Now the tricky part. I want to create this graph at runtime from user input. This means I need error handling. Let's simulate some (valid but nonsensical) user input:

> alist ∷ [(String,String)]
> alist = [("head","bot"),("tail","list")]
> 
> blist ∷ [(String,String)]
> blist = [("bot","tail"),("list","head")]

(the user would of course not input these lists directly; the data would first be massaged into this form)

It is trivial to do this without error handling:

> maps ∷ (HashMap String A, HashMap String B)
> maps = let aMap = M.fromList $ makeMap A bMap alist
>            bMap = M.fromList $ makeMap B aMap blist
>        in (aMap,bMap)
> 
> makeMap ∷ (String → b → a) → HashMap String b
>           → [(String,String)] → [(String,a)]
> makeMap _ _ [] = []
> makeMap c m ((a,b):xs) = (a,c a (fromJust $ M.lookup b m)):makeMap c m xs

This will obviously fail as soon as the input list of Strings references something that isn't found in the respective maps. The "culprit" is fromJust; we just assume that the keys will be there. Now, I could just ensure that the user input is actually valid, and just use the above version.

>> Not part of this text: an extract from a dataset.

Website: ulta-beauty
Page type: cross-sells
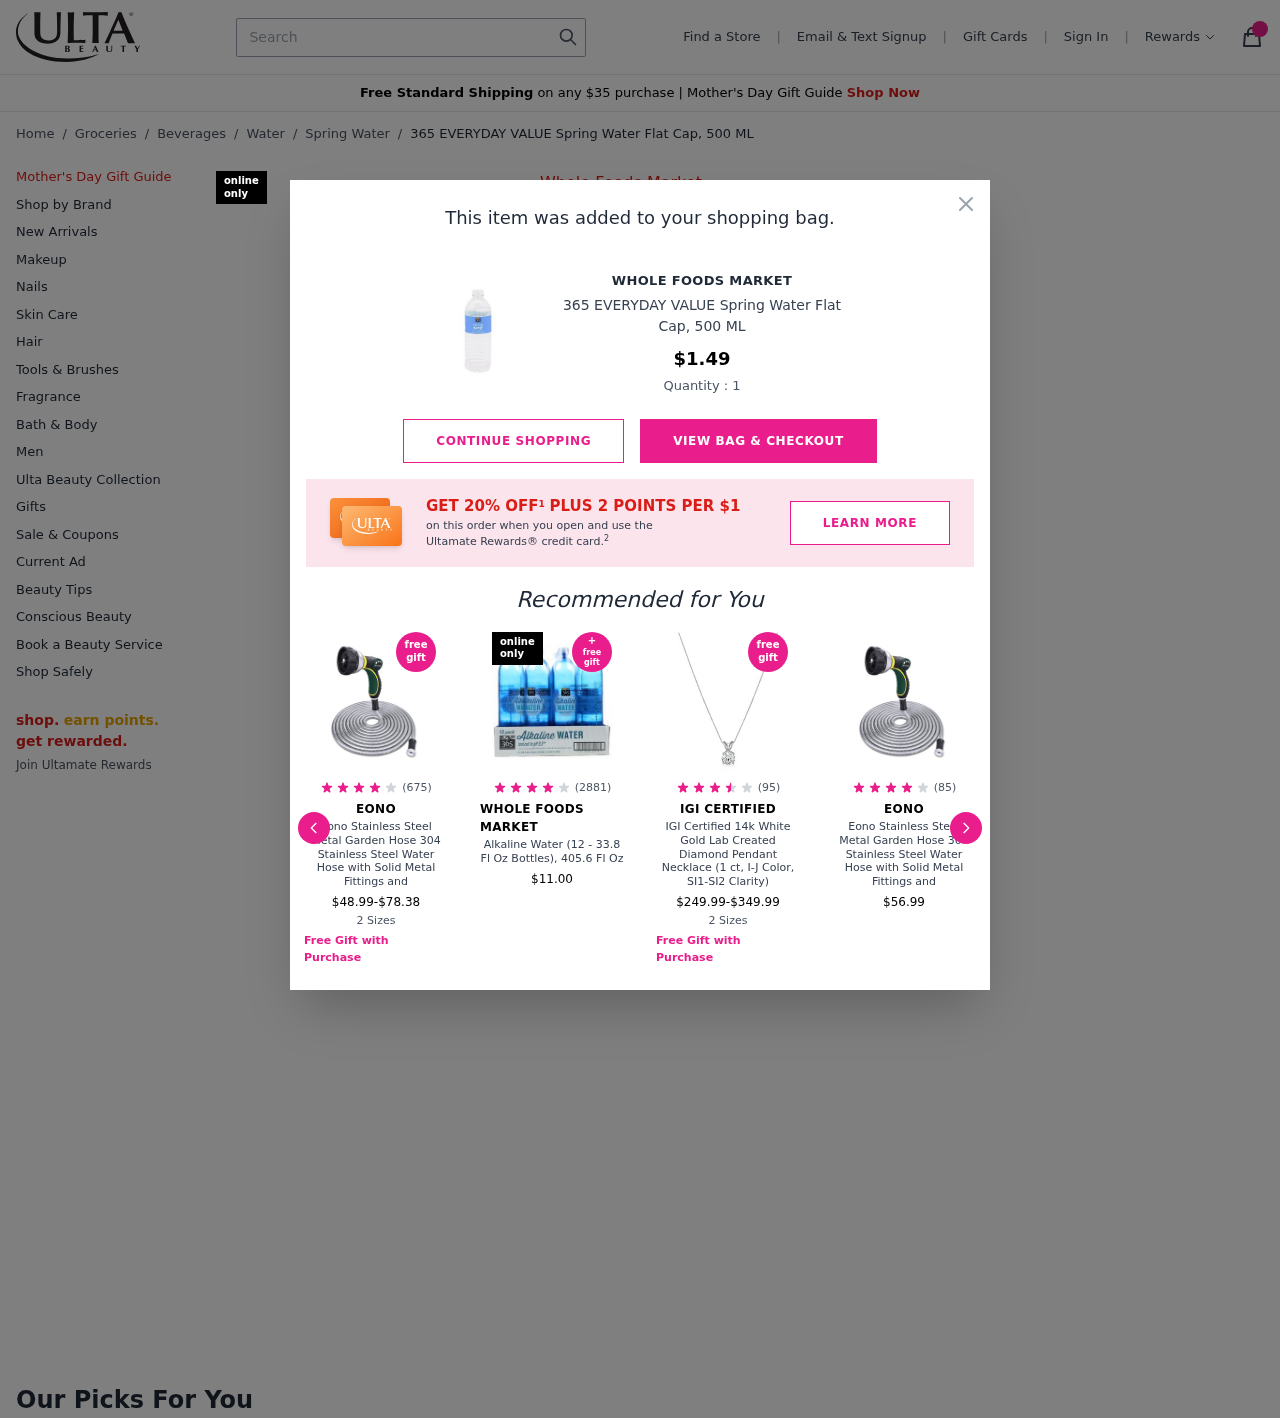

But this would require two passes and wouldn't be very elegant, would it?

So I tried using the Maybe monad in a recursive do binding:

> makeMap' ∷ (String → b → a) → HashMap String b
>           → [(String,String)] → Maybe (HashMap String a)
> makeMap' c m = maybe Nothing (Just . M.fromList) . go id
>   where go l [] = Just (l [])
>         go l ((a,b):xs) = maybe Nothing (\b' → go (l . ((a, c a b'):)) xs) $
>                                 M.lookup b m
> 
> maps' ∷ Maybe (HashMap String A, HashMap String B)
> maps' = do rec aMap ← makeMap' A bMap alist
>                bMap ← makeMap' B aMap blist
>            return (aMap, bMap)

But this ends up looping indefinitely: aMap needs bMap to be defined, and bMap needs aMap. However, before I can even begin to access the keys in either map, it needs to be fully evaluated, so that we know whether it is a Just or a Nothing. The call to maybe in makeMap' is what bites me here, I think. It contains a hidden case expression, and thus a refutable pattern.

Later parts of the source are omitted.